Dix-neuvième siècle

Projet de recherche

Marchés et morales. La »Moral Economy« du capitalisme français de 1880 à 1914/18

Jürgen Finger

Chargé de recherche

jfinger@dhi-paris.fr
Twitter @JuergenFinger
Carnet de recherche Moral Economy


Toute action sociale est structurée par des jugements moraux, même l’action économique. Mais les valeurs morales diffèrent selon l’aire culturelle, selon les nations et les régions, selon le statut social ou encore le groupe de référence qui est adressé et moralisé. Selon le contexte, le fonctionnement de la morale est différent. Il est désormais préférable que les historiens et historiennes toujours parlent des morales et des moralités au pluriel.

Le projet de recherche reprend le concept de Moral Economy d’après E.P. Thompson et propose de le développer, compte tenu les théories d’une histoire sociale et culturelle de l’économie (Kulturgeschichte des Ökonomischen) et influencé par des recherches récentes de la sociologie et de l’anthropologie économiques. Il faut employer les notions morale/moralité/valeurs morales d’une manière strictement analytique, pas de manière normative. Ainsi, ces notions peuvent devenir un instrument pour mieux comprendre les transformations sociales et économiques de la France à l’aube du XXe  siècle.
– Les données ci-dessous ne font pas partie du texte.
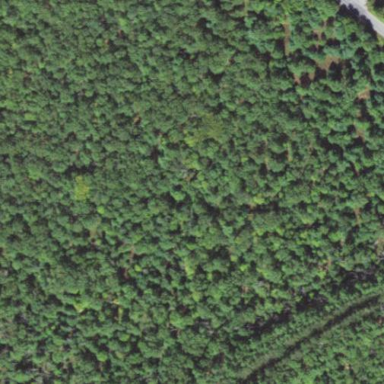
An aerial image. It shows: Mixed woodland area with various types of leaves.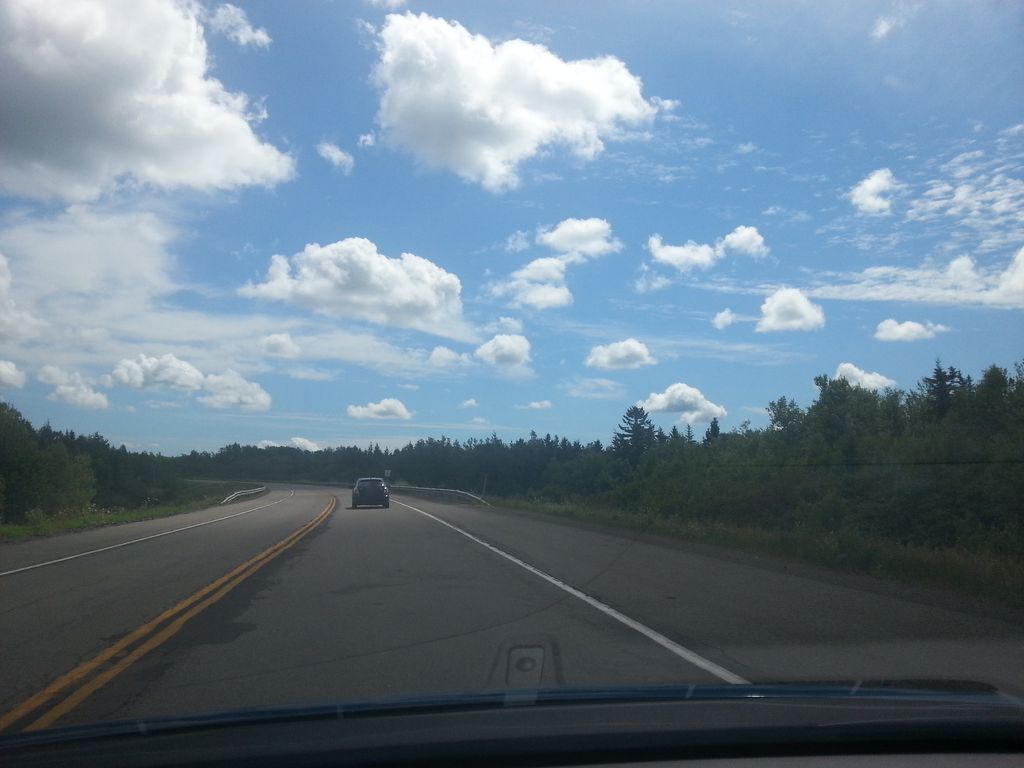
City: charlottetown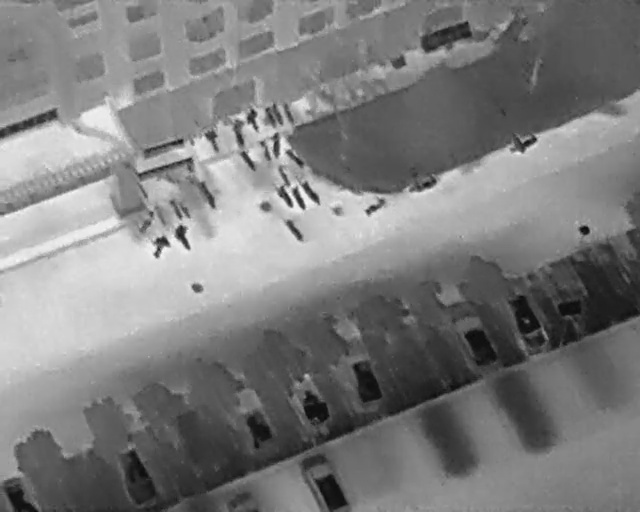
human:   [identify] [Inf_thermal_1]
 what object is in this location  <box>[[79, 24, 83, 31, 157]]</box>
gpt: <ref>1 medium bicycle at the top right</ref>

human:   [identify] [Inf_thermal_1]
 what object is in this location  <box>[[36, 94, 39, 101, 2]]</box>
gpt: <ref>1 small car at the bottom</ref>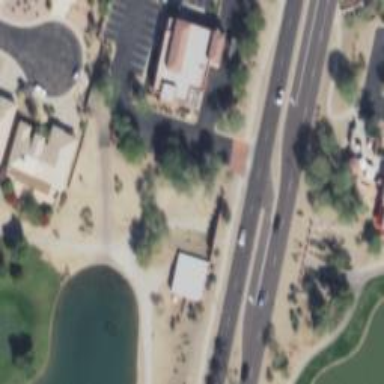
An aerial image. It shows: Golf cartpath that is also road path.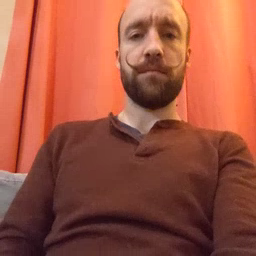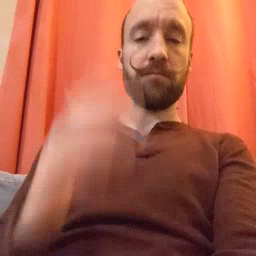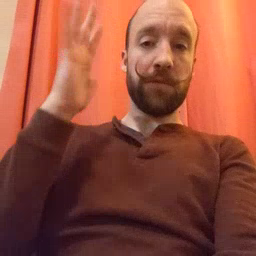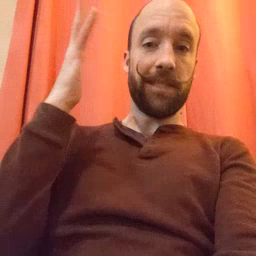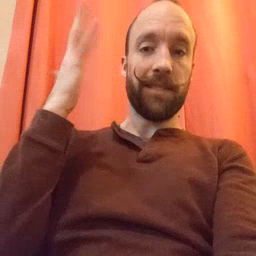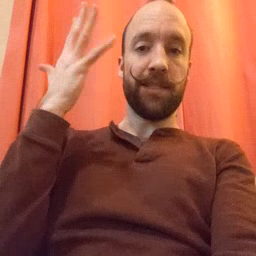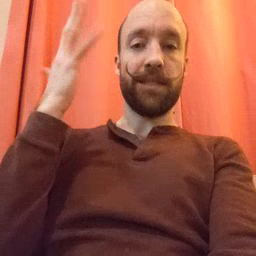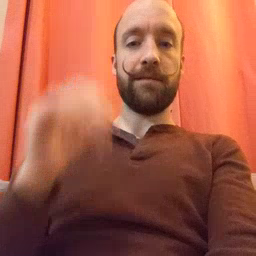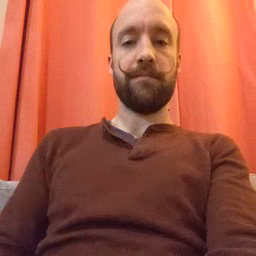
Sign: tree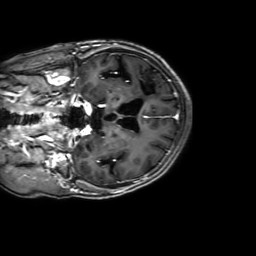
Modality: T1w
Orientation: coronal
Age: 70
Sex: female
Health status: ill
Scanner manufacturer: philips
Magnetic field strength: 3 T
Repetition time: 0.00841 s
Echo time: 0.004138 s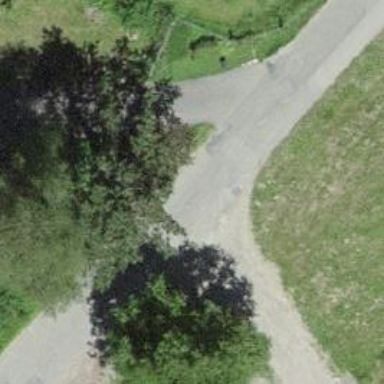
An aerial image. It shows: Asphalt service road.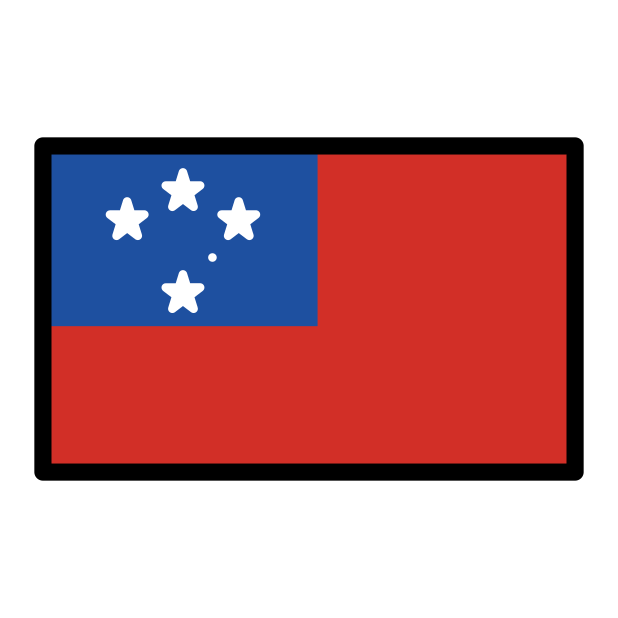
flag: Samoa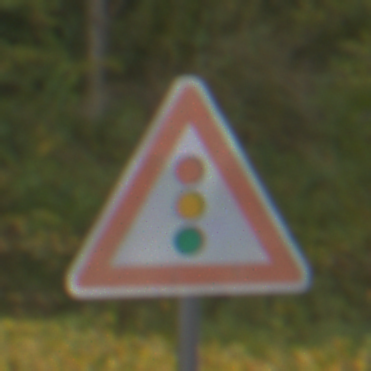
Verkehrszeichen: Lichtzeichenanlage
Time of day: Midday
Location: Outdoor (Nature)
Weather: Overcast
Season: Autumn
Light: Natural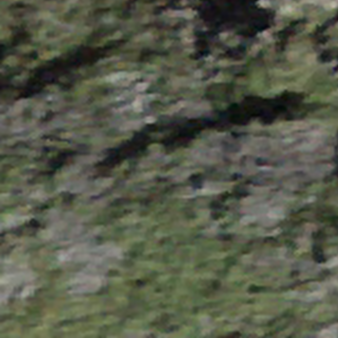
Label: other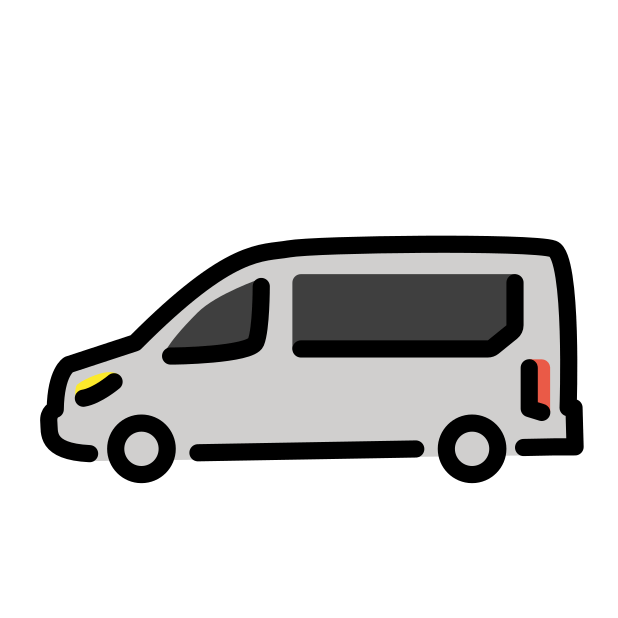
minibus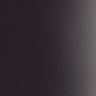
Metastatic tissue present: no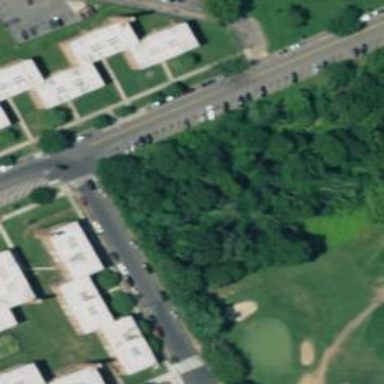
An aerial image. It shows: Grassy area designated as golf fairway.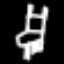
Label: chair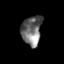
Tissue: prostate
Cell type: T cells
Senescence score: 0.3441
Nuclear area (px): 576
Mean DAPI intensity: 111.184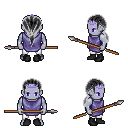
a pixel art fantasy rpg character, male body template, dark elf, purple skin, chain tabard jacket, white pants, gray ponytail hairstyle, purple tiara, black shoes, spear, four views (front, back, left, right), 2x2 character sprite sheet, small pixel art, hard edges, no anti-aliasing
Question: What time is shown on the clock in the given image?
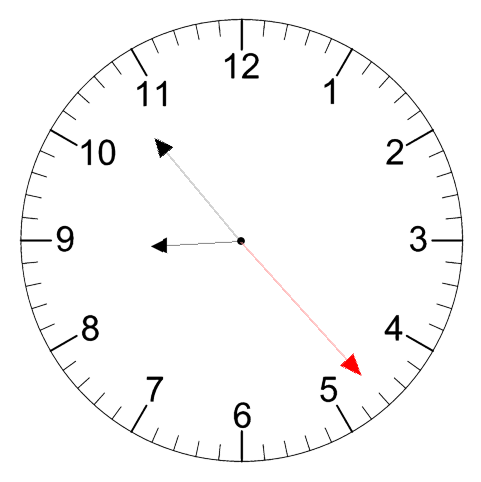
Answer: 08:53:23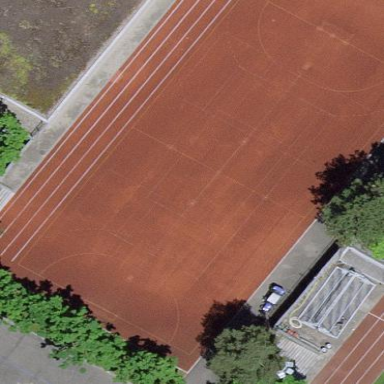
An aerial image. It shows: Multi-sport pitch with tartan surface for leisure activities.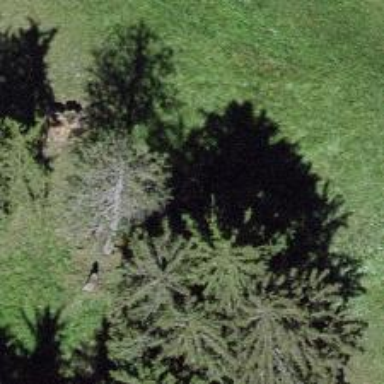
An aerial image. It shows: Needle-leaved tree in nature.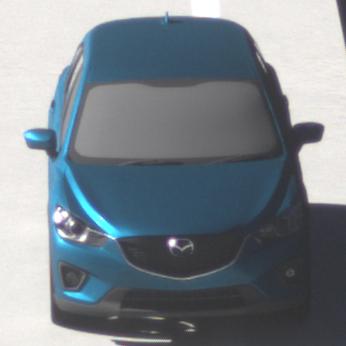
Make: Mazda
Model: CX-5 2.0 SKYACTIV-G 160
Detailed model: CX-5 (GH)
Model produced from: 2012/04
Model produced until: 2015/02
Doors: 5
Color: blue
Road condition: dry road
Daytime: morning or afternoon
Contrast: high contrast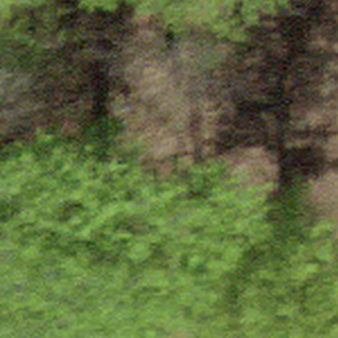
Label: other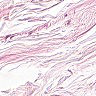
Metastatic tissue present: no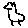
Label: bird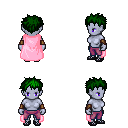
a pixel art fantasy rpg character, female body template, dark elf, purple skin, pink cape, magenta pants, green bedhead hairstyle, leather bracers, ghillies, four views (front, back, left, right), 2x2 character sprite sheet, small pixel art, hard edges, no anti-aliasing
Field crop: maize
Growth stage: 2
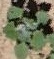
Species: chenopodium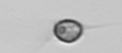
Label: Acanthoica_quattrospina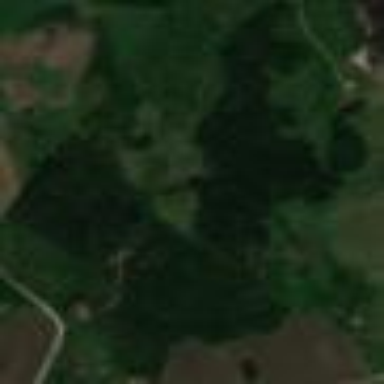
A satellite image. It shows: Mixed leaf woodland.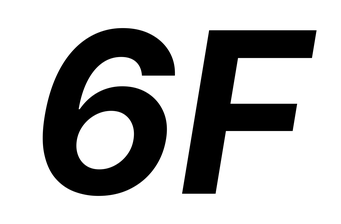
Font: Inter-Italic_Bold_Italic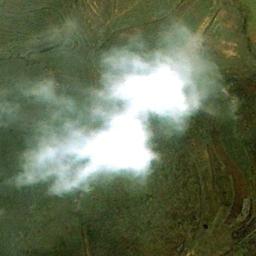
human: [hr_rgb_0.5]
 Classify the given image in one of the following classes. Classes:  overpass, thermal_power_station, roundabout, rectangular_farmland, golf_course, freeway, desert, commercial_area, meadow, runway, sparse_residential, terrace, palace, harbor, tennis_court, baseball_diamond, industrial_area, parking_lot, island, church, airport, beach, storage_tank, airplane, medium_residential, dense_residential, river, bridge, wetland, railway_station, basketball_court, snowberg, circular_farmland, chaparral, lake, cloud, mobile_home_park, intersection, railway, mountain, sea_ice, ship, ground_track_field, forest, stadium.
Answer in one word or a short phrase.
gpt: cloud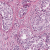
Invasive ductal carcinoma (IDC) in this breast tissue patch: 1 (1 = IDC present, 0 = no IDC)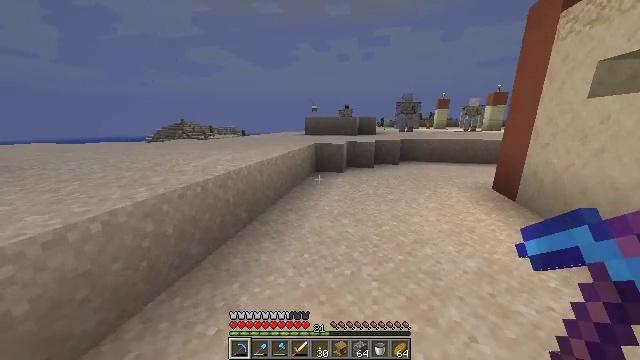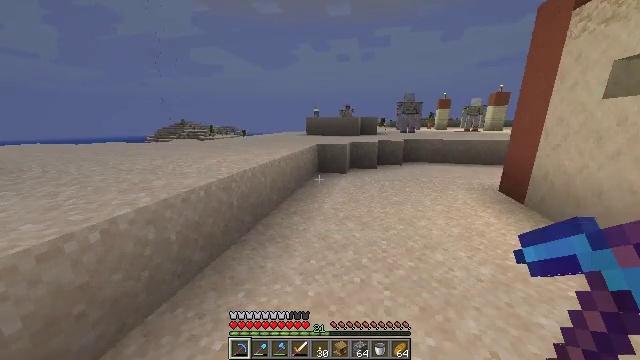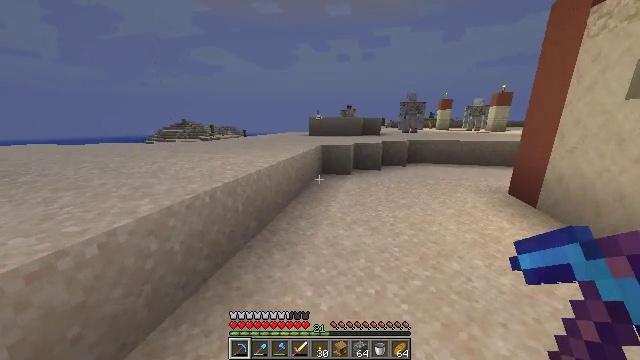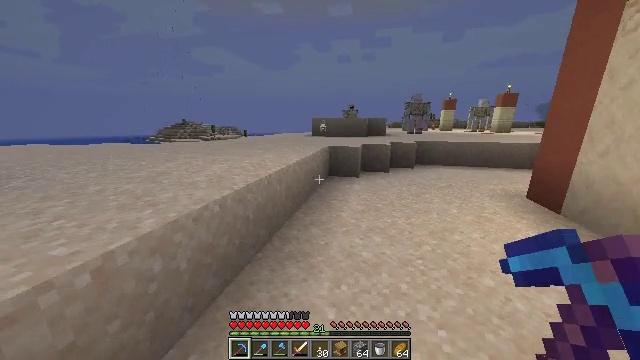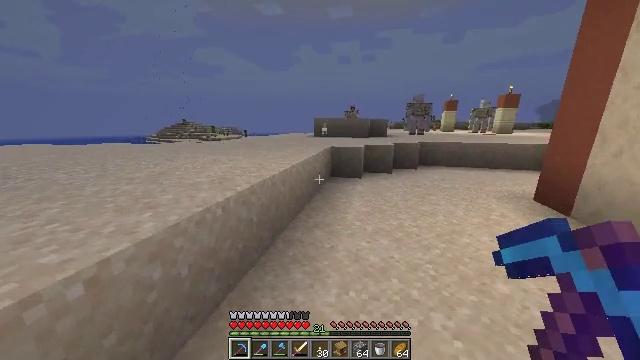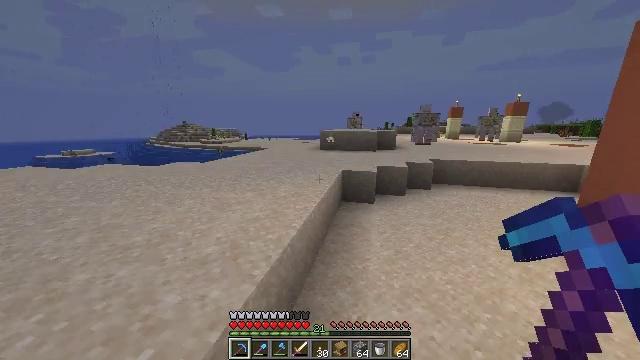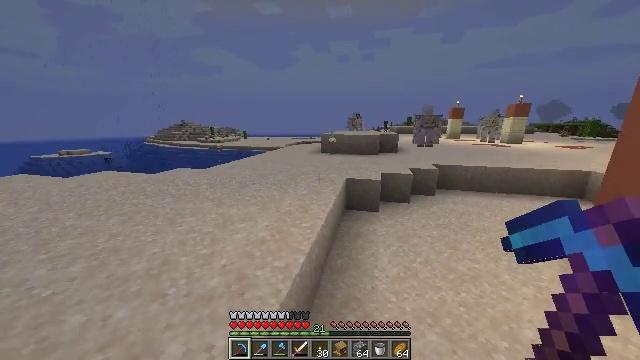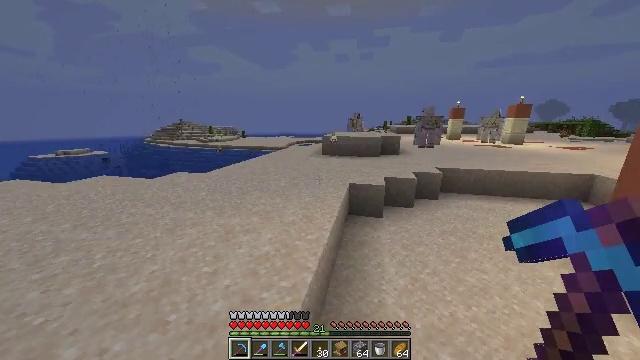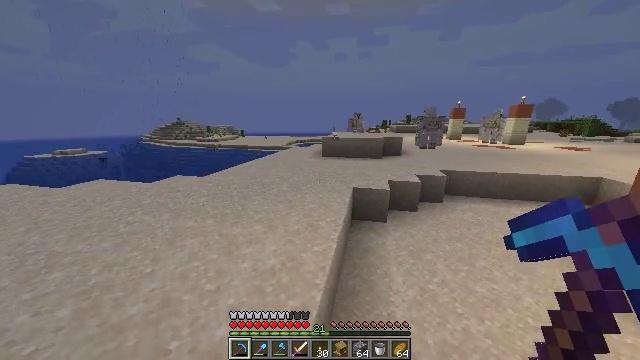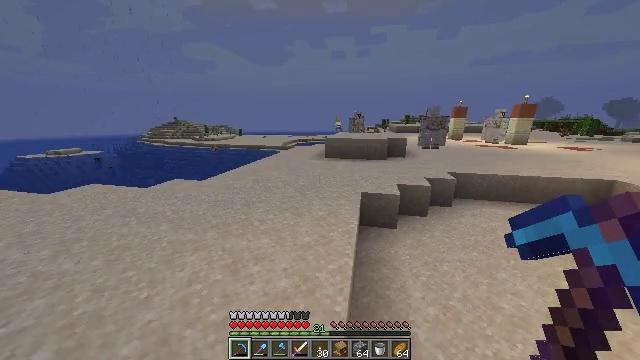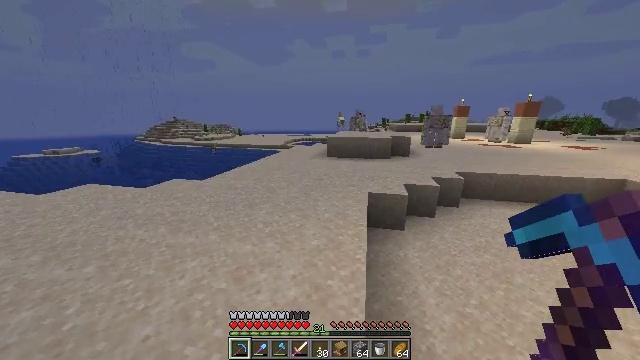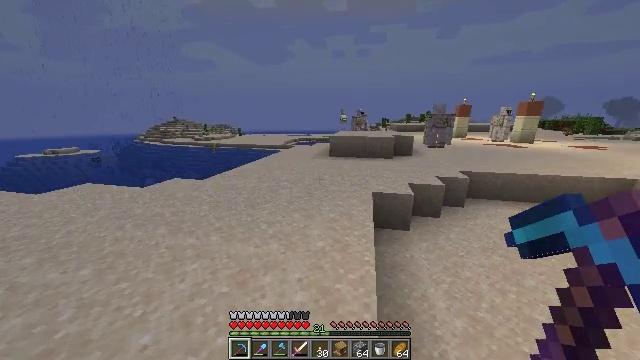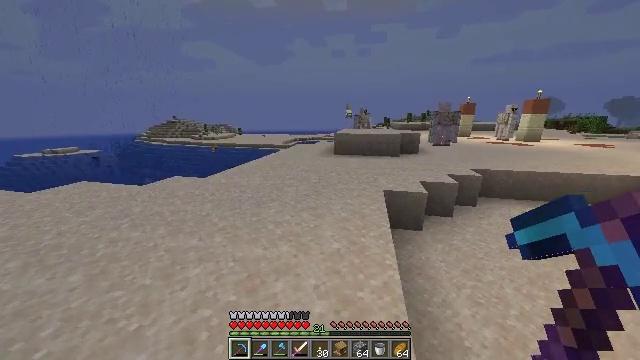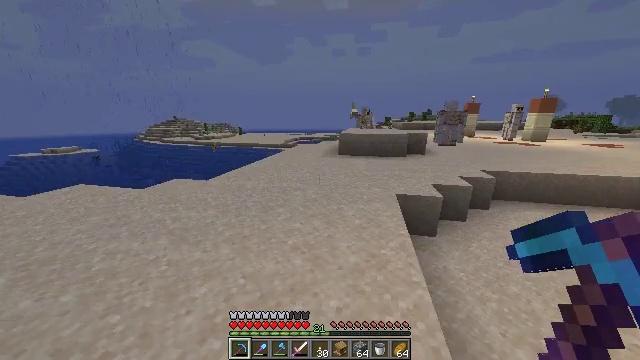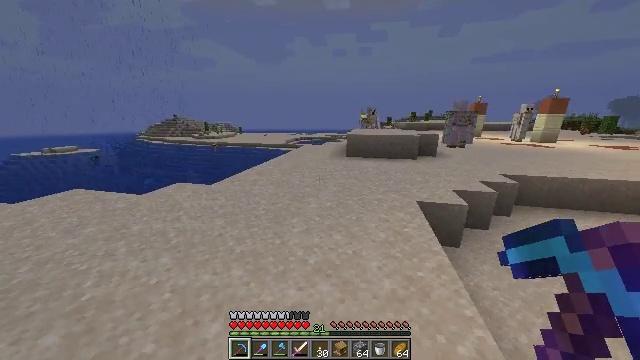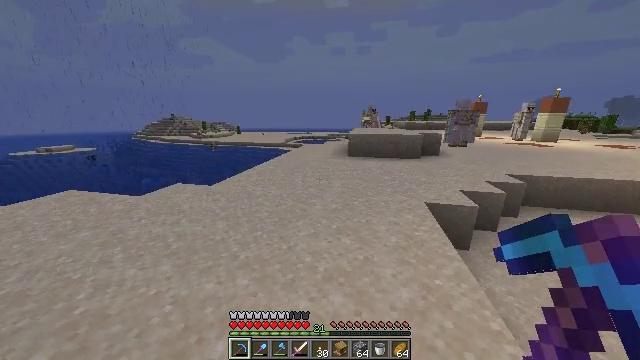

Le projet s’intéresse aux modèles de comportement et de pensée, aux routines économiques et á leurs légitimations. L’analyse évitera donc l’opposition simplifiée de la morale d’un côté (sociale et »bonne«) et de l’économie de l’autre (fonctionnelle-utilitariste et »mauvaise«), ainsi qu’une fonctionnalisation unidimensionnelle de la morale. Évidemment, la morale n’est pas un coefficient correcteur, externe à l’économie, mais partie intégrante de chaque discours sur l’économie, structurant ainsi toute activité économique. Par conséquent, la recherche sur la morale économique ne propose pas de point d’observation privilégié pour prononcer des jugements de valeur. 

Il ne s'agit pas de rendre des jugements moraux. En tant que historiens et historiennes, nous désirons comprendre les transformations de l'économie et de la société.

Dans quelles situations, comment et avec quels résultats, les valeurs morales ont-ils guidé l’économie? La morale a-t-elle servi seulement à limiter l’économie, ou a-t-elle stabilisé un marché, c’est á dire les relations sociales des acteurs économiques? Ou était-elle simplement la superstructure idéologique d’une pondération matérielle? Comme les relations sociales sur un marché souvent sont imprégnées par des asymétries (en matière de pouvoir et d’information; entre concurrents et partenaires; entre producteurs, commerçants et consommateurs; entre créanciers et débiteurs), la morale était-elle capable de compenser ces asymétries? Ou est-ce-que le droit du plus fort s’est imposé á la morale? L’ordre moral perde-t-il en importance à l’aube du XXe siècle, quand l’État a commencé à réguler les marchés de plus en plus étroitement?

Le projet examine ces questions sur trois champs de recherche, considérant la France entre 1880 et la Grande Guerre: Y-a-t-il un juste prix pour des denrées? La faillite et la banqueroute étaient-elles encore une question de morale? Comment des routines morales ont-elles stabilisé le marché financier gris de Paris, où les transactions étaient illicites par principe? À partir de ces fragments le projet reconstruira l’Économie morale diverse et ambiguë de la France dans la Belle Époque.